Yadier Molina, the soul of the team, had just hit a ground ball. He did not run. The manager came out to see him, and the athletic trainer too. The two men walked Molina back to the dugout, haltingly. The Cardinals announced Molina had a strained left oblique, an injury that generally takes weeks to heal.
The silence fell over the dugout too — "a little quieter than what I was hopeful for," Manager Mike Matheny said.
On the eve of oblivion, the Cardinals rallied to win, in borderline unbelievable fashion. The team that hit the fewest home runs in the National League revived its season with four, including one in each of the final three innings.
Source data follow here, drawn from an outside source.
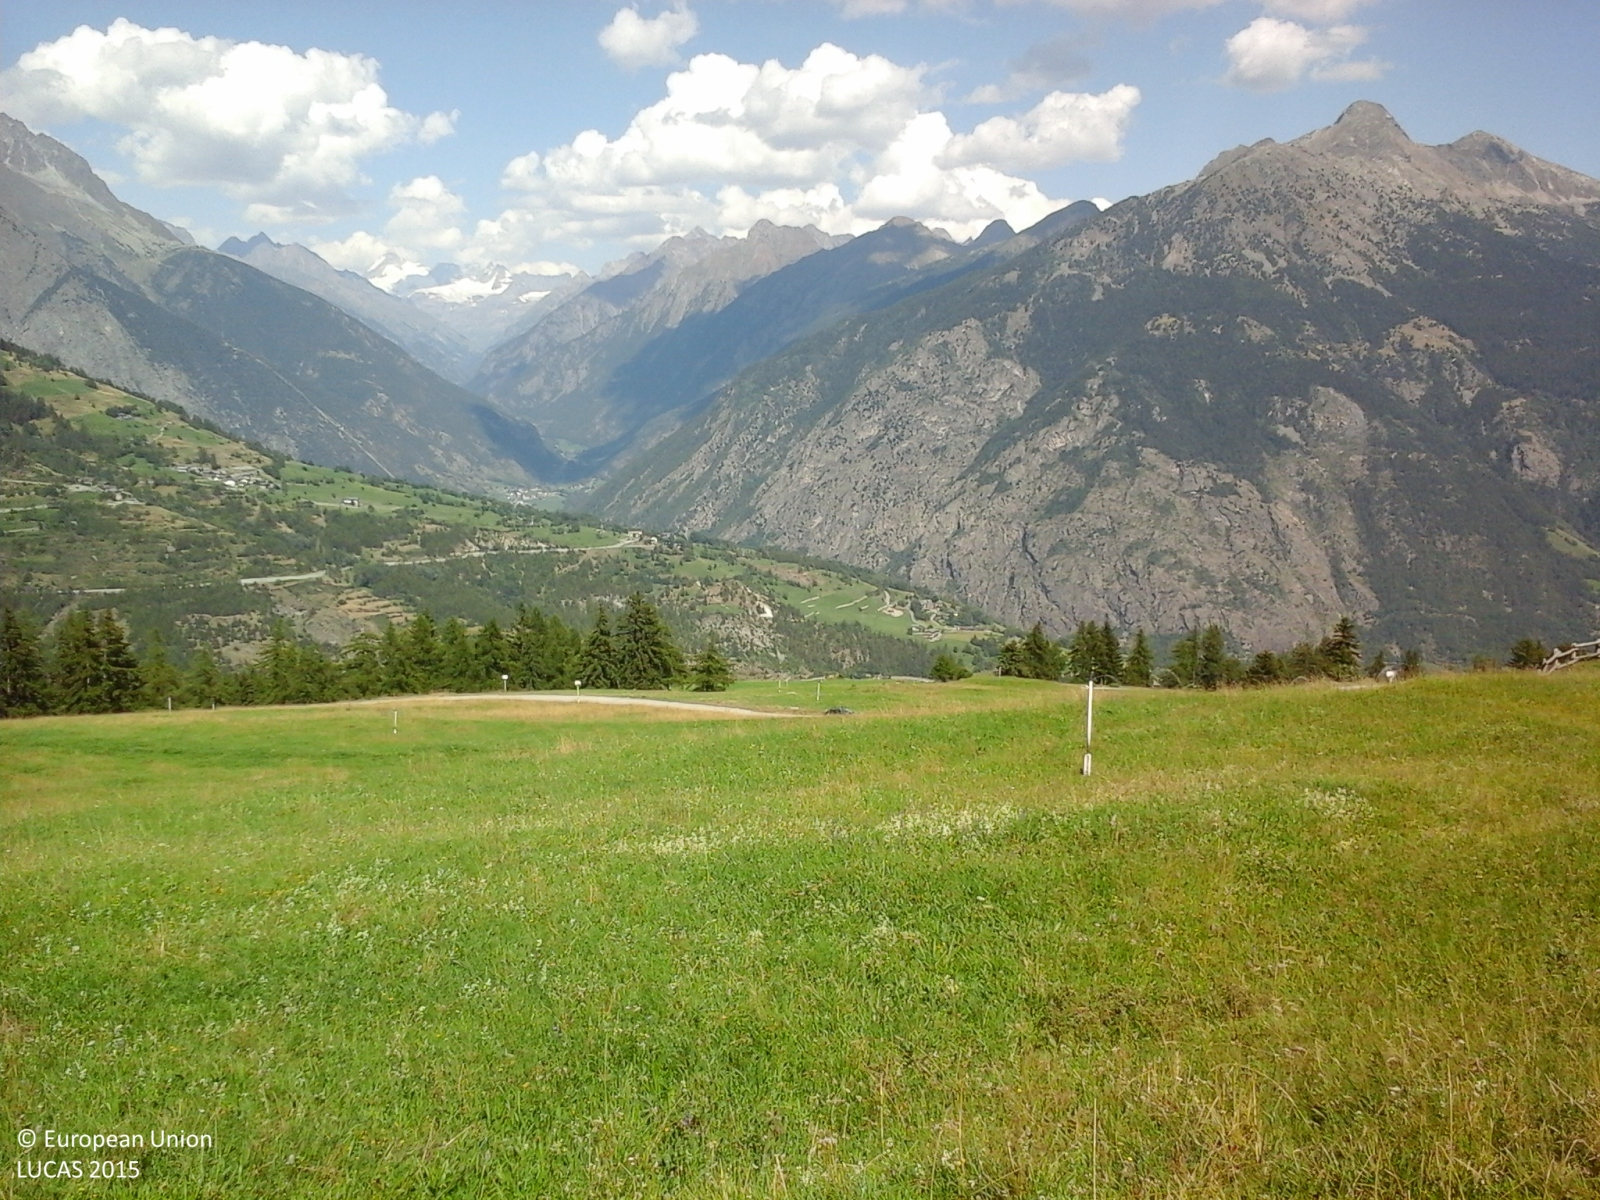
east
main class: Grassland
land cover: Grassland without tree/shrub cover
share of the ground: > 75 %
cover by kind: herbaceous plants 100 %
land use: Agriculture (excluding fallow land and kitchen gardens)
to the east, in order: Grassland without tree/shrub cover; Tracks; Grassland without tree/shrub cover; Tracks; Grassland without tree/shrub cover
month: August
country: IT
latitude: 45.7935
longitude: 7.2635

"Perfect time," Matheny said, "for us to bust out some power."
Oscar Taveras, a pinch-hitter, tied the score with a home run in the seventh inning. Matt Adams gave St. Louis a lead with a home run in the eighth, accented by a bat flip that might have made Yasiel Puig blush.
And, after the San Francisco Giants tied the score when a runner scored from second base on a wild pitch on a ball backup catcher Tony Cruz tried to backhand, the Cardinals won in the bottom of the ninth, on a home run by rookie Kolten Wong.
And so the Cardinals emerged with a rousing, unlikely and absolutely crucial victory Sunday, beating the Giants, 5-4, and tying the NL Championship Series at one game apiece. No team ever has lost the first two games of a best-of-seven LCS at home and come back to win the series.
The next three games of the NLCS will be played in San Francisco, starting Tuesday.
The Cardinals already experienced life without Molina this season, and it was not pretty. Molina sat out seven weeks this summer because of a torn thumb ligament. Their record this season: 60-46 when he started, 30-26 when he did not.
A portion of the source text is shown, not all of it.